Selain itu, keseriusan Pemerintah Indonesia dalam menjamin kelaiklautan kapal Berbendera Indonesia ditunjukkan pula dengan membentuk Lembaga yang diberi nama Ship Safety Inspection - Center of excellence atau Pusat Unggulan Pemeriksaan Keselamatan Kapal, dimana tujuan utama dari Lembaga ini adalah untuk mendukung Kementerian Perhubungan dalam mencetak para Pemeriksa Keselamatan Kapal baik Marine Inspector maupun Port State Control Officer untuk melaksanakan pemeriksaan kapal berbendara Indonesia maupun kapal asing sehingga mempunyai kemampuan setara dengan standar pemeriksaan keselamatan kapal kelas dunia.

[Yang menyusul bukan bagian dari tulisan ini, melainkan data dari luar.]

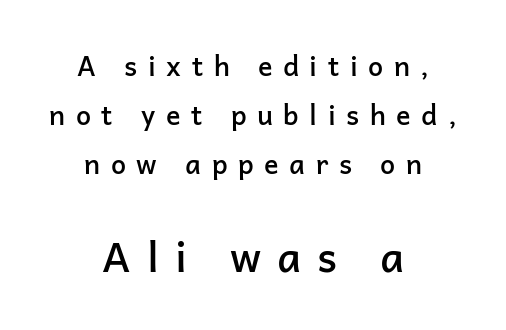
This sample is center-justified, so both line endings float freely. A semibold gives these letters moderate extra thickness, short of bold. The tracking reads as deliberately expanded to a designer's eye. The second block has been scaled up relative to the first. Posture: vertical. A typesetter would call this proportional, since set widths differ per character.
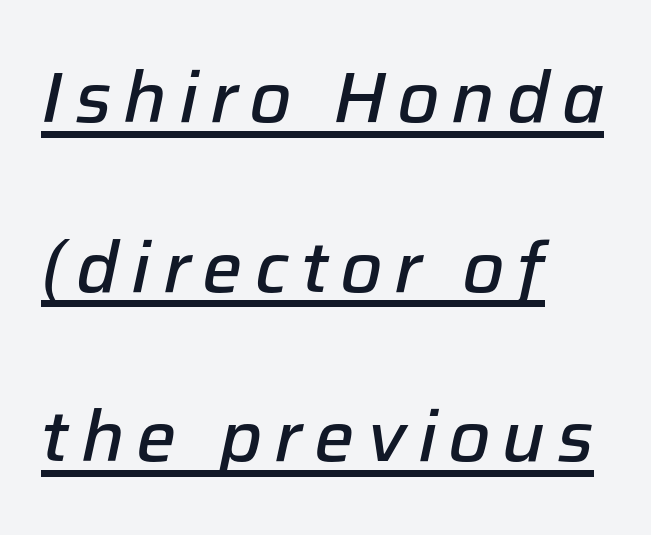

Ke depan Pemerintah melalui Kementerian Perhubungan cq Direktorat Jenderal Perhubungan Laut berharap agar keluarnya Indonesia dari Black List Tokyo MOU ini bisa memberikan dampak yang sangat positif sehingga kapal kapal Indonesia akan banyak lagi yang dipercaya oleh pemilik muatan untuk membawa muatannya ke luar negeri.
Sebagai informasi, Tokyo MoU adalah organisasi Port State Control (PSC) yang terdiri dari 21 negara anggota di Asia Pasifik. Organisasi ini bertujuan mengurangi pengoperasian kapal di bawah standard internasional lewat kerja sama kontrol di masing-masing negara anggota.
Setiap kapal harus menerapkan aturan standard International Maritime Organization (IMO) dan International Labour Organization (ILO), antara lain terkait keselamatan di laut, perlindungan lingkungan maritim, kondisi kerja, dan kehidupan awak kapal.